Task goal: Pictures must be left out. Retype exactly the lines from the one containing "Captured with the" through the last line of the records below.

(Records for this task begins)

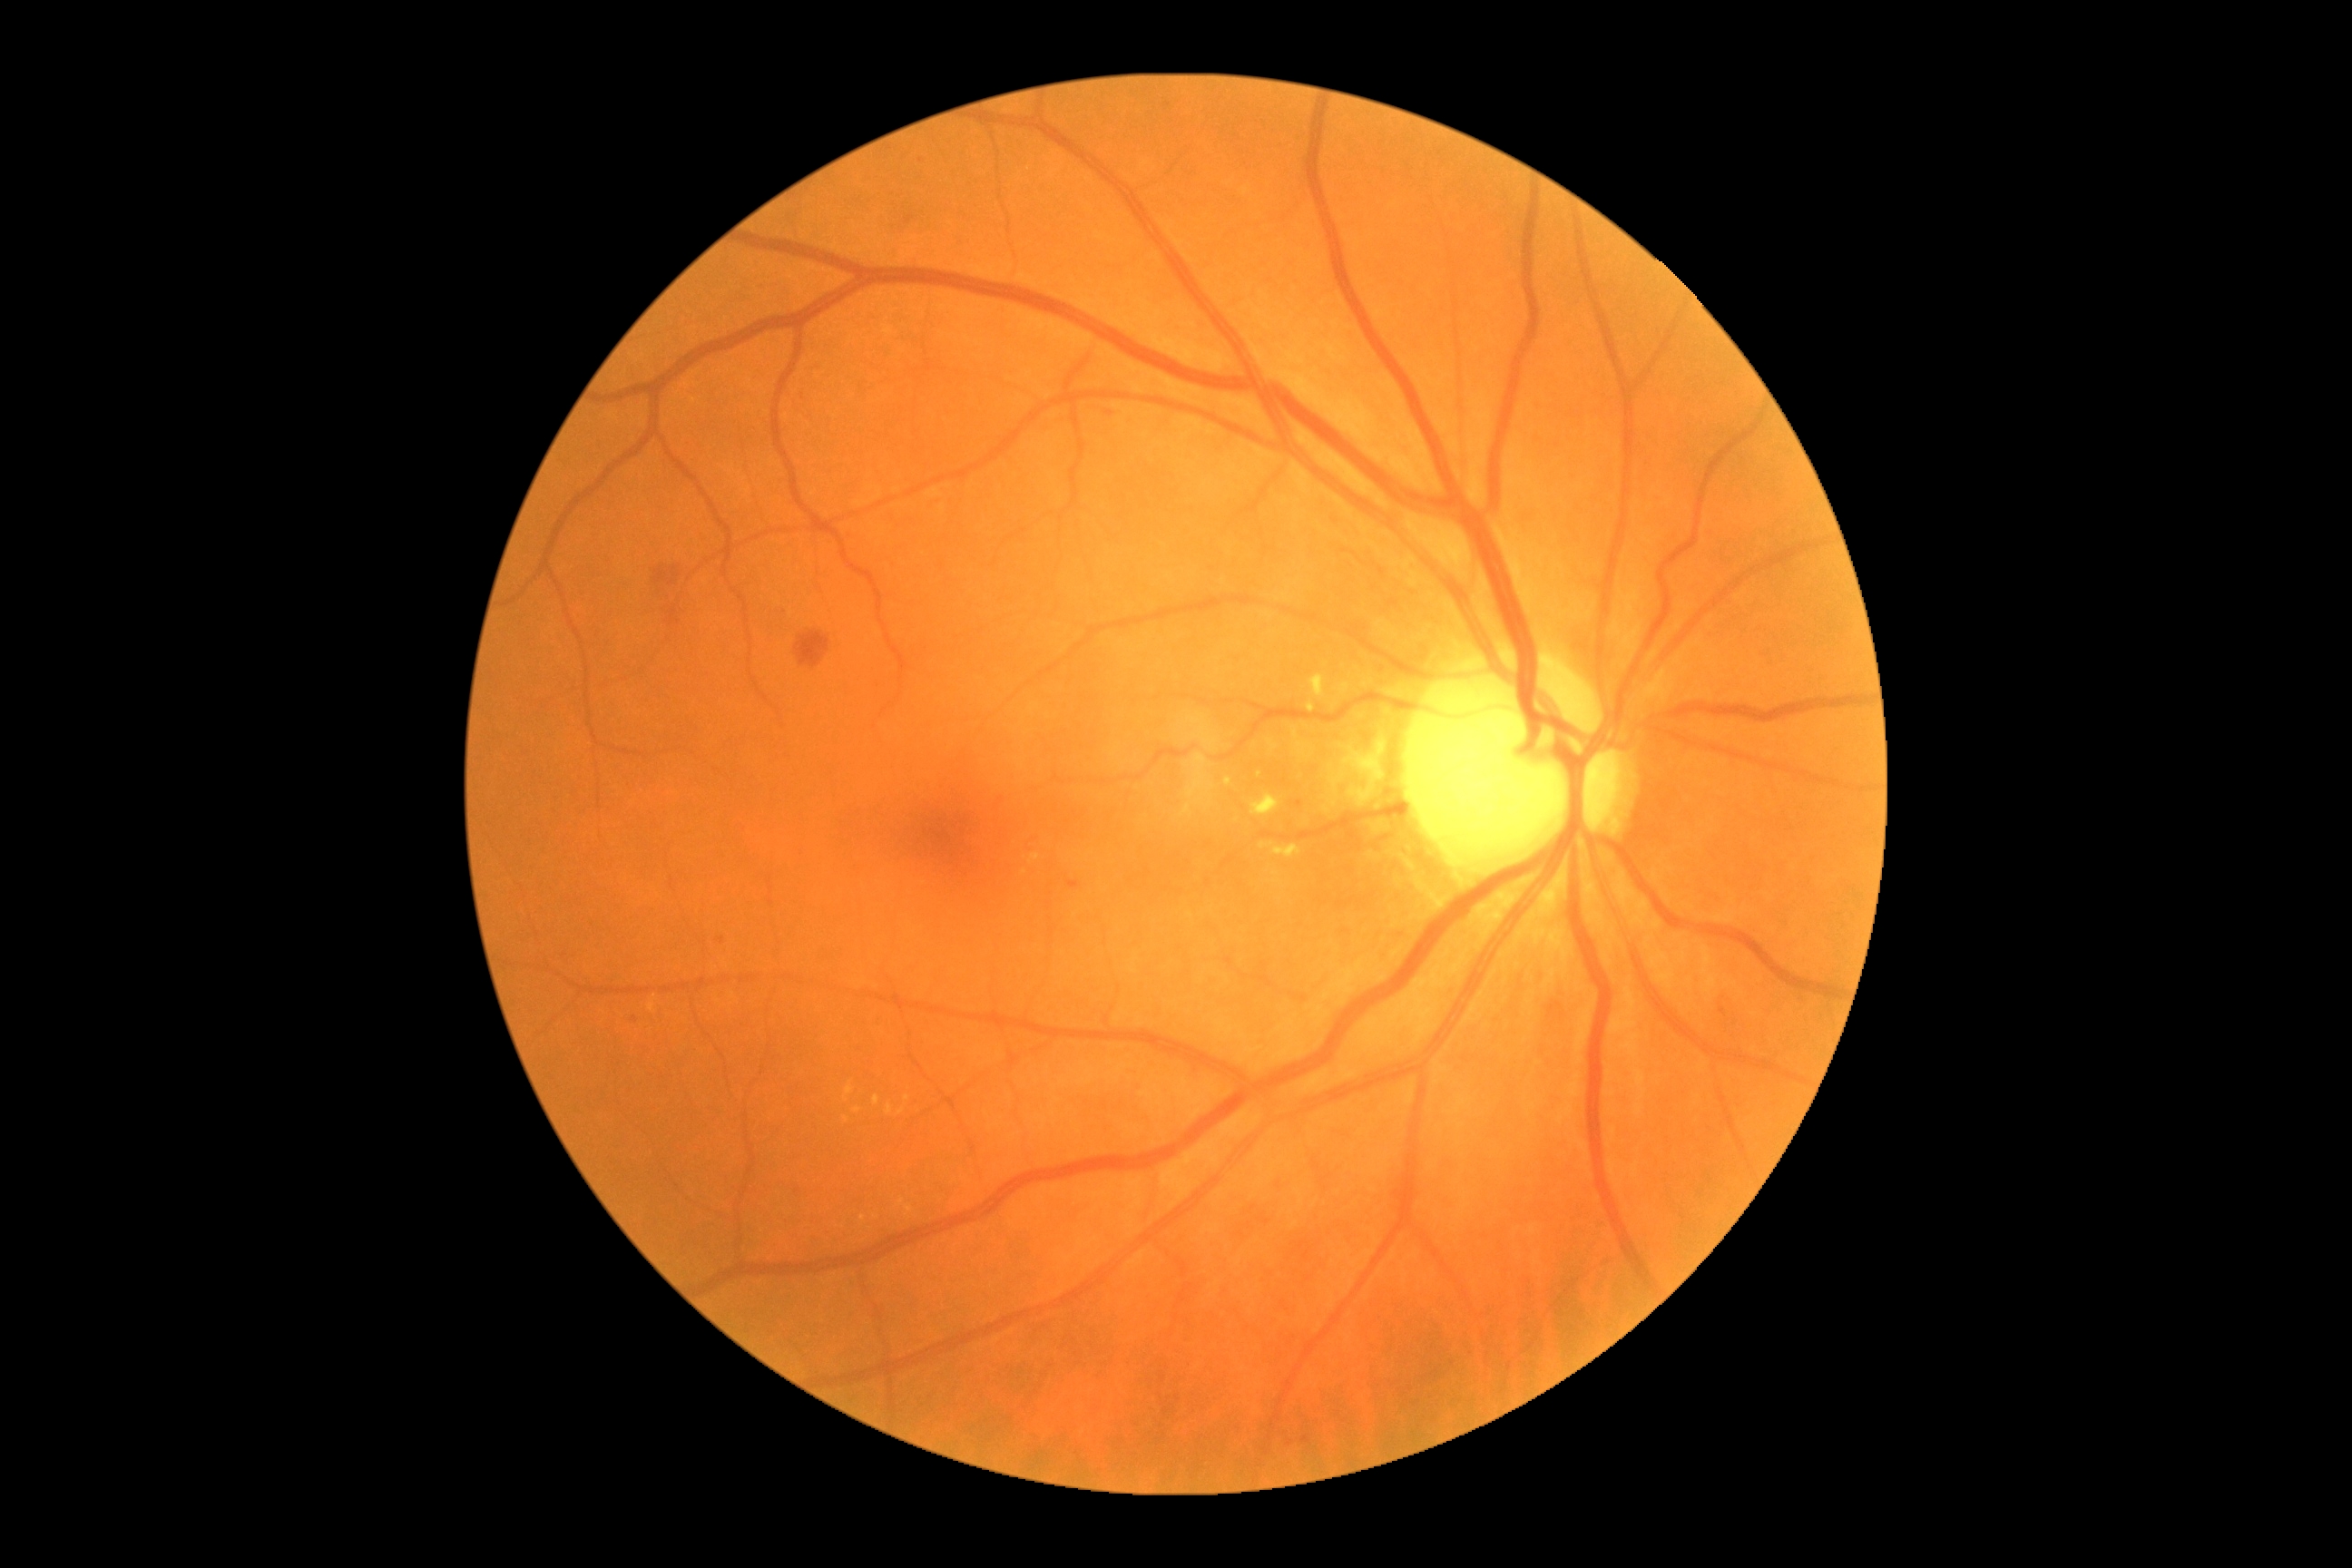
Diabetic retinopathy grade: 2/4 — more than just microaneurysms but less than severe NPDR.
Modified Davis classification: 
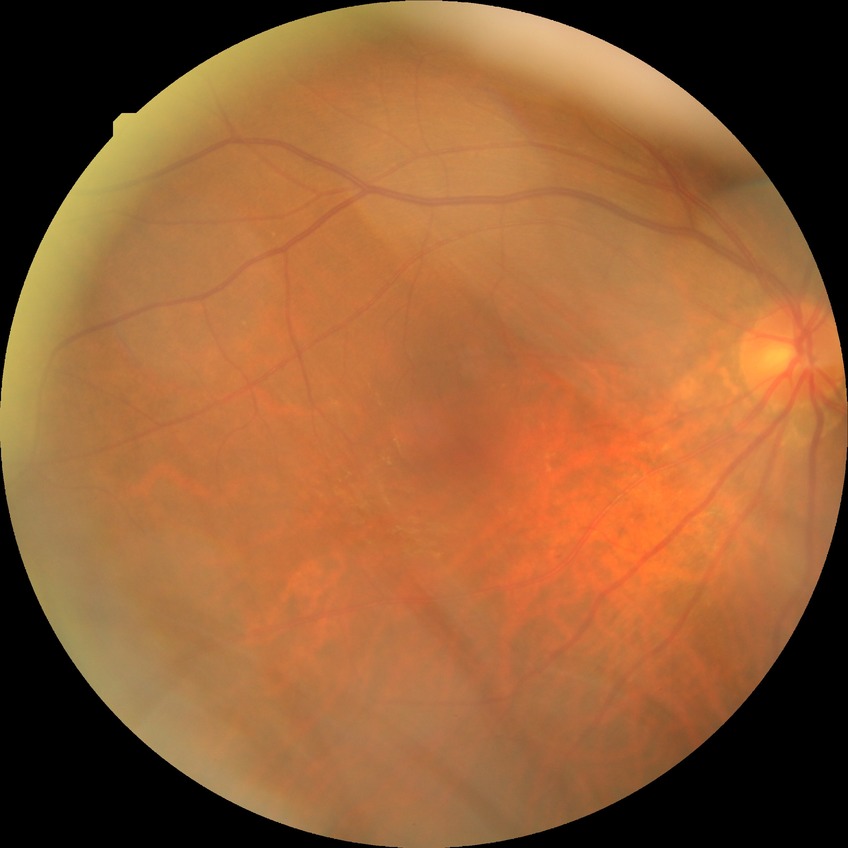 Modified Davis classification: no diabetic retinopathy.
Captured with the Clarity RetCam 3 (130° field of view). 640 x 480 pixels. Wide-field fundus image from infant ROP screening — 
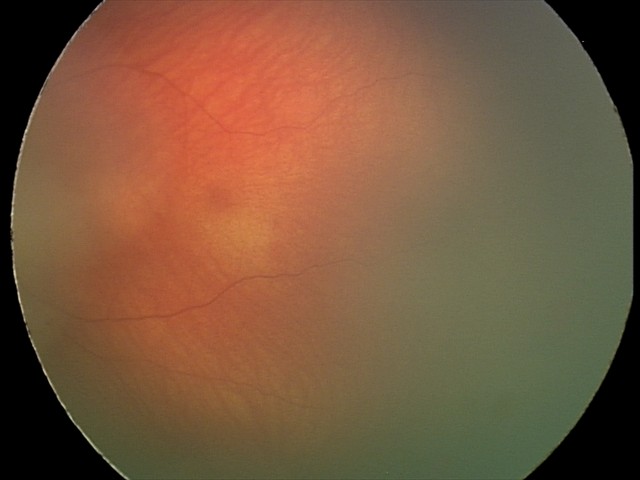 Screening examination diagnosed as physiological.
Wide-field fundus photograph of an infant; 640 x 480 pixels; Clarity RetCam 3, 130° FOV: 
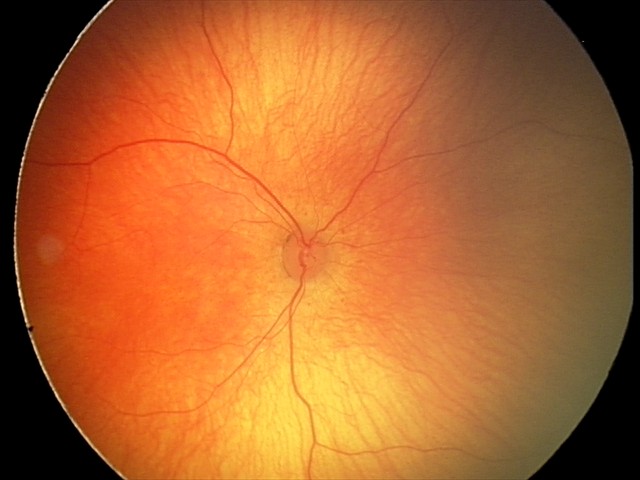
Assessment: physiological appearance with no retinal pathology.
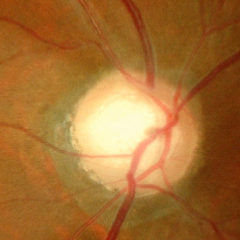 Glaucoma diagnosis: advanced glaucomatous optic neuropathy. (Criteria: near-total cupping of the optic nerve head, with or without severe visual field loss within the central 10 degrees of fixation.)
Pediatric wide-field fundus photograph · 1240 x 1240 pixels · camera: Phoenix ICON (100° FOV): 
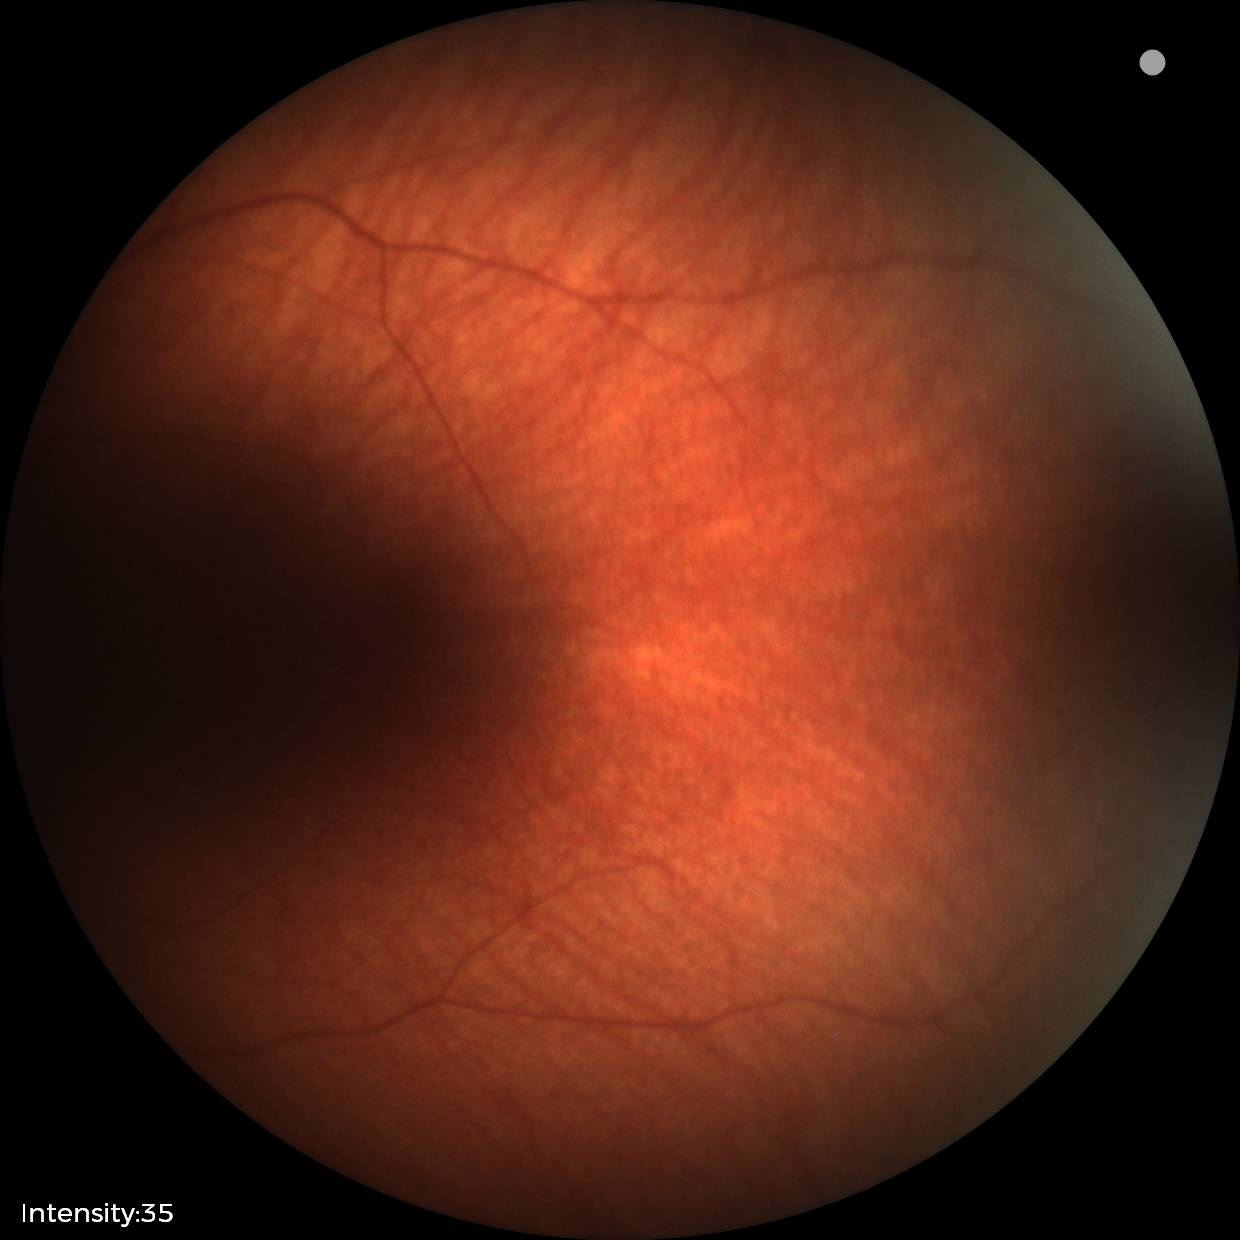
Q: What is the diagnosis from this examination?
A: physiological appearance with no retinal pathology

(Records for this task ends)

Response to the task:
Captured with the Clarity RetCam 3 (130° field of view). 640 x 480 pixels. Wide-field fundus image from infant ROP screening — 
 Screening examination diagnosed as physiological.
Wide-field fundus photograph of an infant; 640 x 480 pixels; Clarity RetCam 3, 130° FOV: 
Assessment: physiological appearance with no retinal pathology.
 Glaucoma diagnosis: advanced glaucomatous optic neuropathy. (Criteria: near-total cupping of the optic nerve head, with or without severe visual field loss within the central 10 degrees of fixation.)
Pediatric wide-field fundus photograph · 1240 x 1240 pixels · camera: Phoenix ICON (100° FOV): 
Q: What is the diagnosis from this examination?
A: physiological appearance with no retinal pathology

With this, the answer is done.